I have realized today that no matter what decisions are made someone will be hurt by them.
I talked to my dad today and explained the way the orders were given, lets just say it didn't go so well.
Here's the rest of the story (for those of you who have not yet heard it)
Frank went to go see the monitor (this is the guy who decides when & where you are going in the USMC) last Monday- just to sit down & talk face to face- and the monitor said to my husband.."you're moving". My husband began to explain why we could not, but the monitor doesn't care, he is just there with a job to do. He offered him camp LeJeune and Frank said he couldn't, the monitor then offered him Camp Pendelton. Oceanside. I know Frank was thinking this was closer, he could come home on weekends.... but as we are slowly learning that is probably not the case. not at all.
The cost of living down in Oceanside is such that we might be lucky to have him come home once a month. All the while leaving us in this desert cabin - alone- with all the dangers of the desert and him over 3 hours away.

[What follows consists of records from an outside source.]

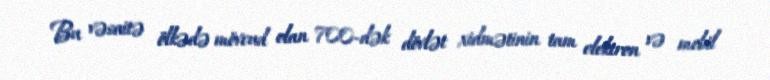
Bu vəsaitə ölkədə mövcud olan 700-dək dövlət xidmətinin tam elektron və mobil
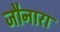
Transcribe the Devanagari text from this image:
जौनारा
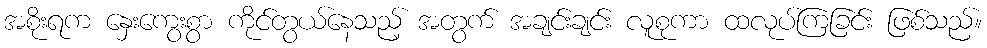
အစိုးရက နှေးကွေးစွာ ကိုင်တွယ်နေသည့် အတွက် အချင်းချင်း လူစုကာ ထလုပ်ကြခြင်း ဖြစ်သည်။
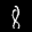
Label: 8
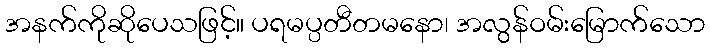
အနက်ကိုဆိုပေသဖြင့်။ ပရမပ္ပတီတမနော၊ အလွန်ဝမ်းမြောက်သော
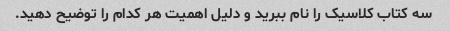
سه کتاب کلاسیک را نام ببرید و دلیل اهمیت هر کدام را توضیح دهید.
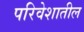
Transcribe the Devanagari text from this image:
परिवेशातील
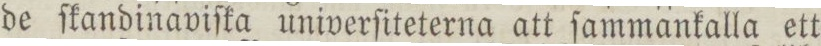
de ſkandinaviſka univerſiteterna att ſammankalla ett
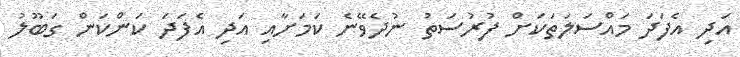
އަދި އެފަދަ މައްސަލަތަކަށް ފުރުސަތު ނުދެވޭނެ ކަމަށާއި އަދި އެފަދަ ކަންކަން ގަބޫލު
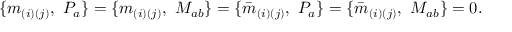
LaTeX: \{ m _ { ( i ) ( j ) } , \ { \cal P } _ { a } \} = \{ m _ { ( i ) ( j ) } , \ { \cal M } _ { a b } \} = \{ { \bar { m } } _ { ( i ) ( j ) } , \ { \cal P } _ { a } \} = \{ { \bar { m } } _ { ( i ) ( j ) } , \ { \cal M } _ { a b } \} = 0 .
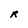
Character: R
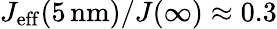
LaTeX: J_{\mathrm{eff}}(5\, \mathrm{nm})/J(\infty)\approx 0.3
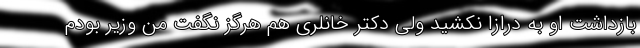
بازداشت او به درازا نکشید ولی دکتر خانلری هم هرگز نگفت من وزیر بودم
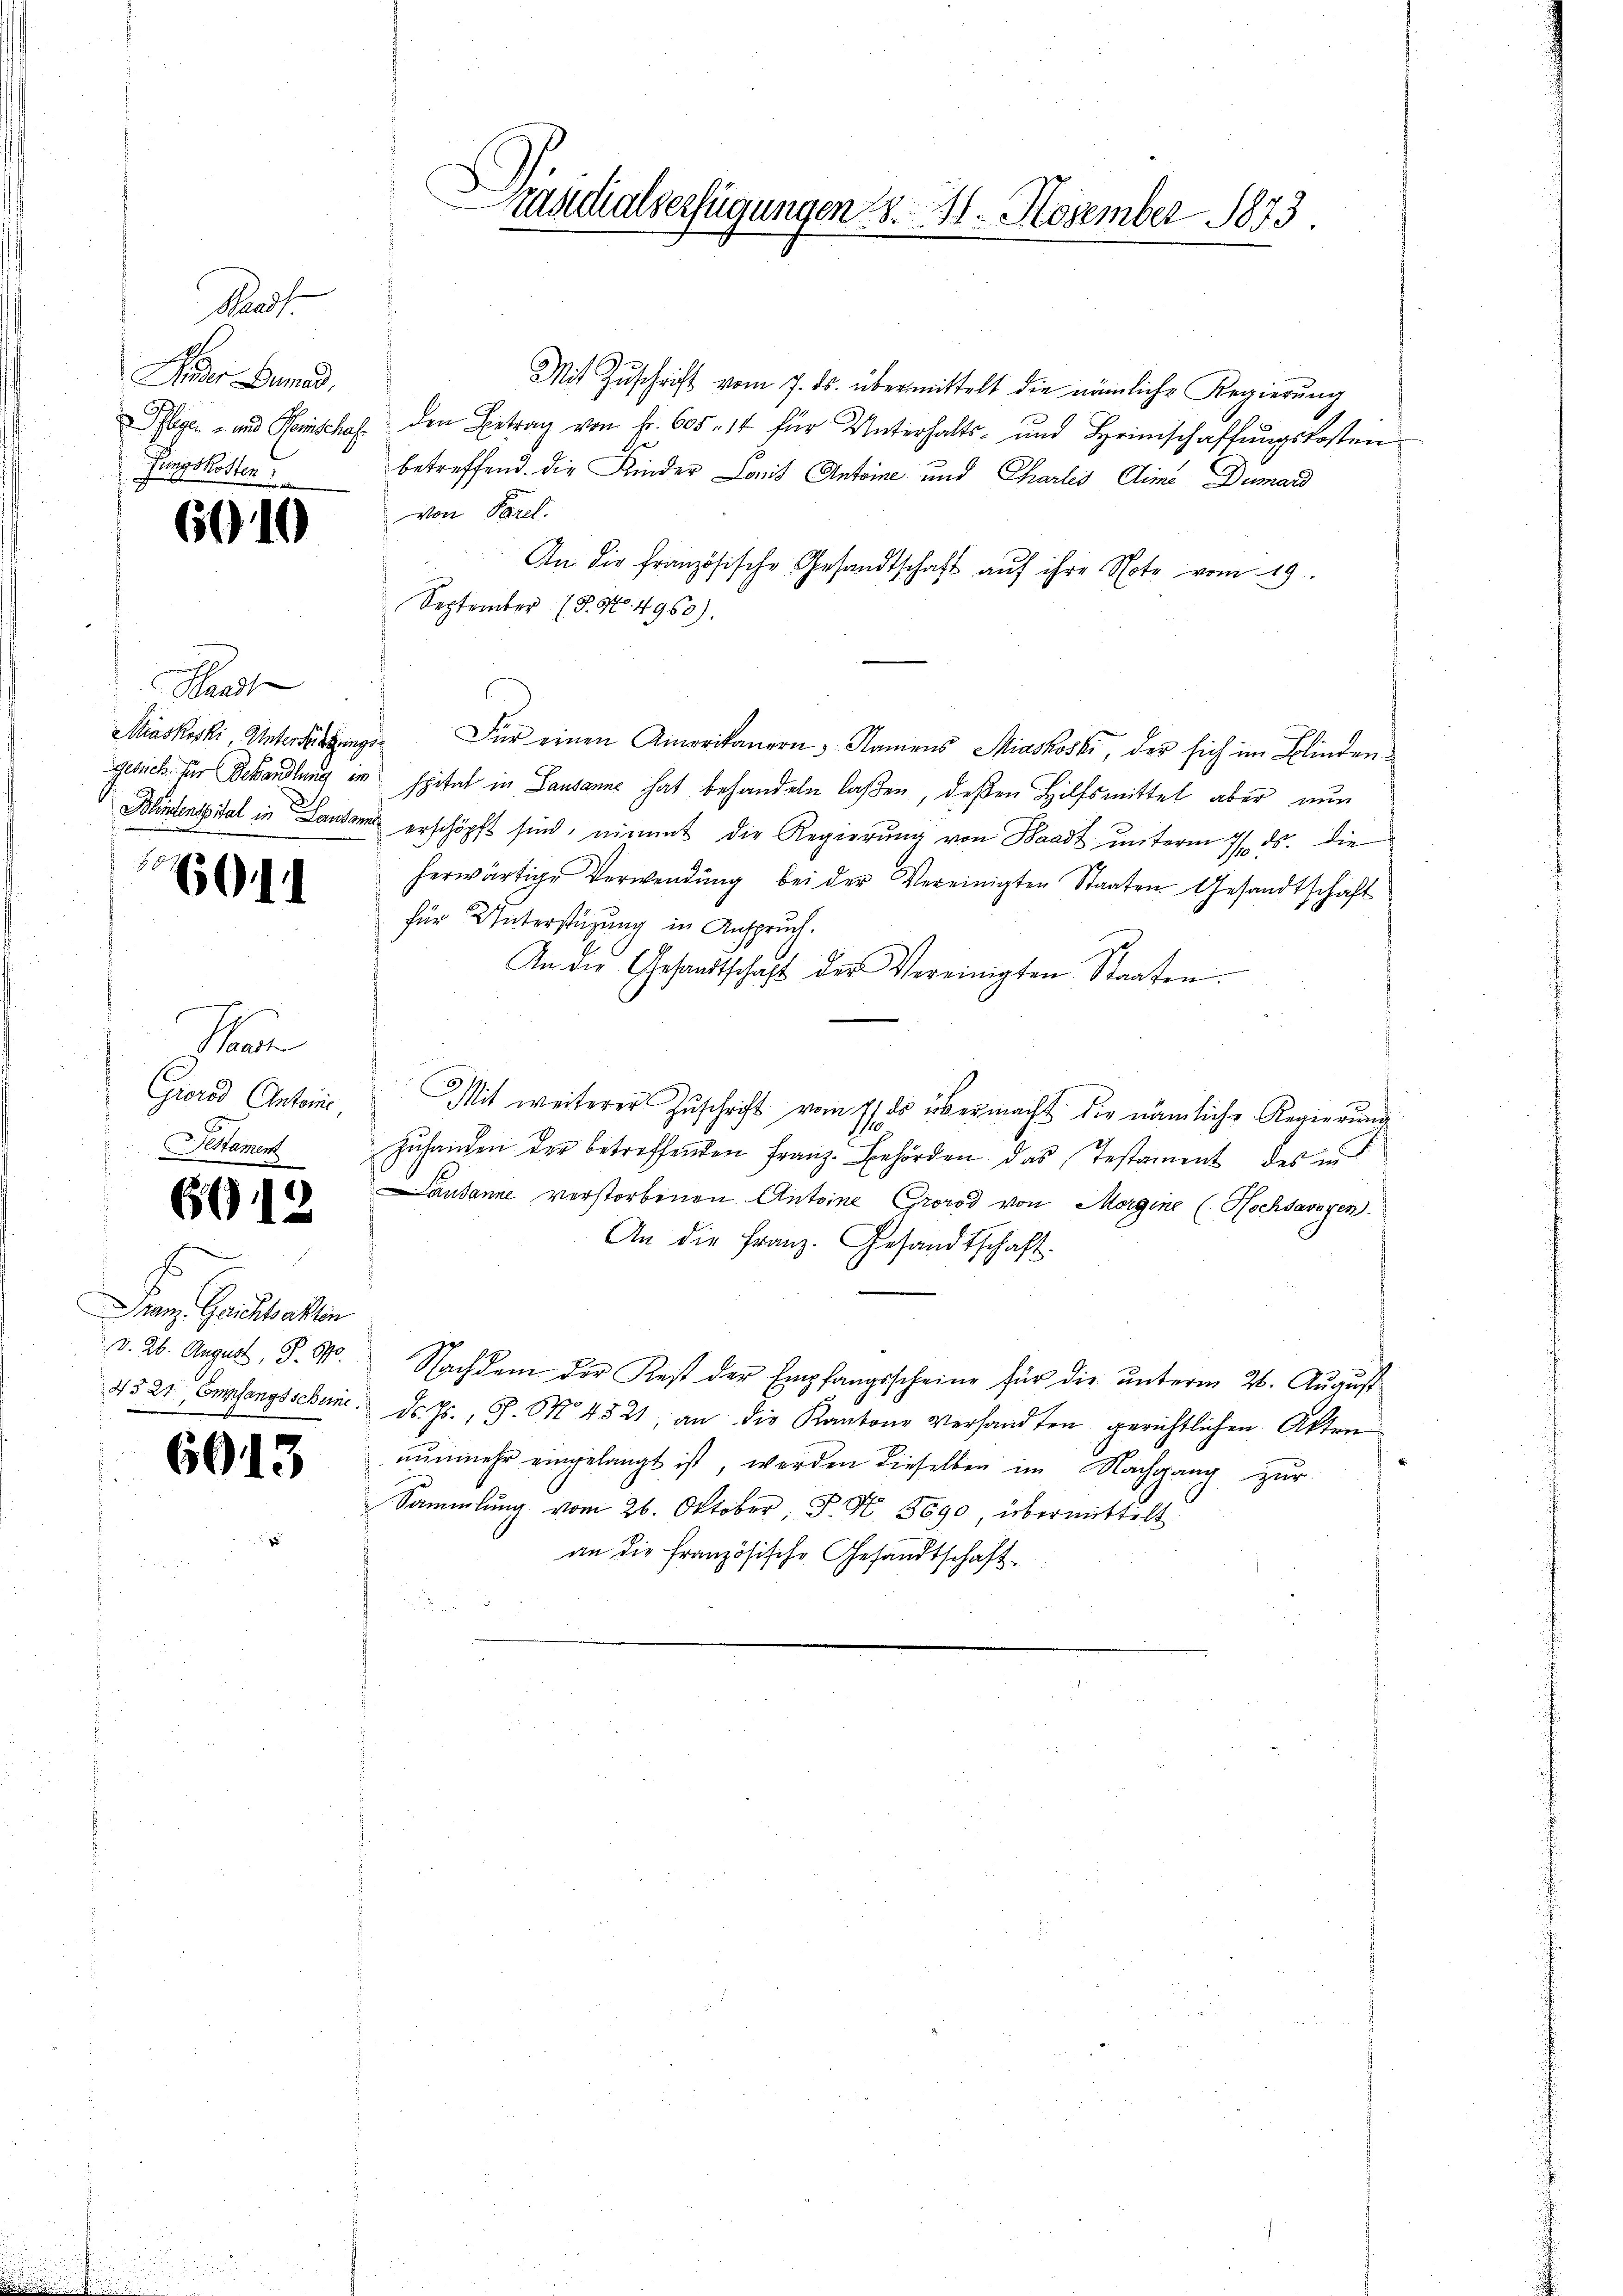
Paass
Finder Bund,
fungskosten

6910

Hart

60

n
Giorod Antonie,

6612

Franz. Gerichtsakten
d. 26. August, S. 890.

6013

Mit Zŭschrift vom 7. ds. übermittelt die nämliche Regierŭng
Pflegen- und Heinschaf den Betrag von Fr. 605 n 14 für Unterhalts- und Heimschaffŭngskosten
betreffend die Kinder Laut Antoine und Charlis Alime Dumard
Von Parel.
An die Französische Gesandtschaft auf ihre Note vom 19.
September (§. No. 4960).
Miaskoski, Unterfügung. Für einen Amerikanern, Namens Miaskoski, der sich im Blinden
gesich für Behandlung im spital in Lausanne hat behandeln laßen, deßen Hilfsmittel aber nun
Klintenspital in Landans erschöpft sind, nimmt die Regierung von Waadt unterm 7. ds. die
herwärtige Verwendung bei der Vereinigten Staaten Gesandtschaft
für Unterstüzung in Anspruch.
An die Gesandtschaft der Vereinigten Staaten.
Mit weiterer Zuschrift vom 7. ds übermacht die nämliche Regierung
Zuhanden der betreffenden Franz-Behörden das Testament des in
Lausanne verstorbenen Antoine Grorod von Morgine (Hochsavoyen.
An die Franz. Gesandtschaft.
Nachdem der Rest der Empfangsscheine für die unterm 26. August
4321 Empfangsscheine. Dr. Js., S. Nr. 4521, an die Kantone versandten gerichtlichen Akten
nŭnmehr eingelangt ist, werden dieselben im Nachgang zŭr
Sammlung vom 26. Oktober, P. N. 5690, übermittelt
an die französische Gesandtschaft¬

ruadialserfügungen 28. 11. November 1873.

Some of you have asked if we could rent out the house. Let me explain the mistakes we make just about 3 years ago. We bought a desert cabin, certainly a fixer upper. We have not been doing as much fixer-uppering as we would have liked because well things have gone wrong with this house (like it needed a completely new septic system to the tune of $9000 2 yrs ago) as well as many others. At the time the house was purchased (a now regretted decision) the housing market in CA was at a high prime. Which basically means we bought it for far more than it is actually worth today. In fact, it's depreciation is probably around $100,000. So can we rent it out? Certainly not for it's monthly mortgage payment- and without eating the cost there are few choices.
As far as making the right choices. Neither Frank or I know what those are yet, and even when we do make choices we are hoping they are not choices we regret later. As of right now I am beginning to look for homes for all of the animals- well, almost all. For you that think he will hold onto this house for the horses. You are wrong. We will cry and have our hearts ripped out once again because we made the wrong choices...yet again.
I am ranging from a flurry of emotions. All our family is back on the east coast. we have parents that are not getting any younger and children that haven't even met family members. To say that I don't wish he had chosen differently for many reasons would be a lie, and yet we will remain on the west...for how long? I don't know. Sometimes I am angry or bitter (which I know is wrong) other times I completely understand the decision he made and for what reasons, and still other times I am afraid of running this ranch alone, having things break and not being able to afford to fix them, and not being able to see my husband even though he will only be a few hours away. It's almost more frustrating he will be here so close...and I will not be able to see him.
So if you know of anyone in need of a horse send them my way. I am broken and do not have any answers. I feel very alone in this process. Please pray that the Lord would lead, guide, and direct our paths. That we would do His will not our own, and that somehow, once again we are refined by the fire.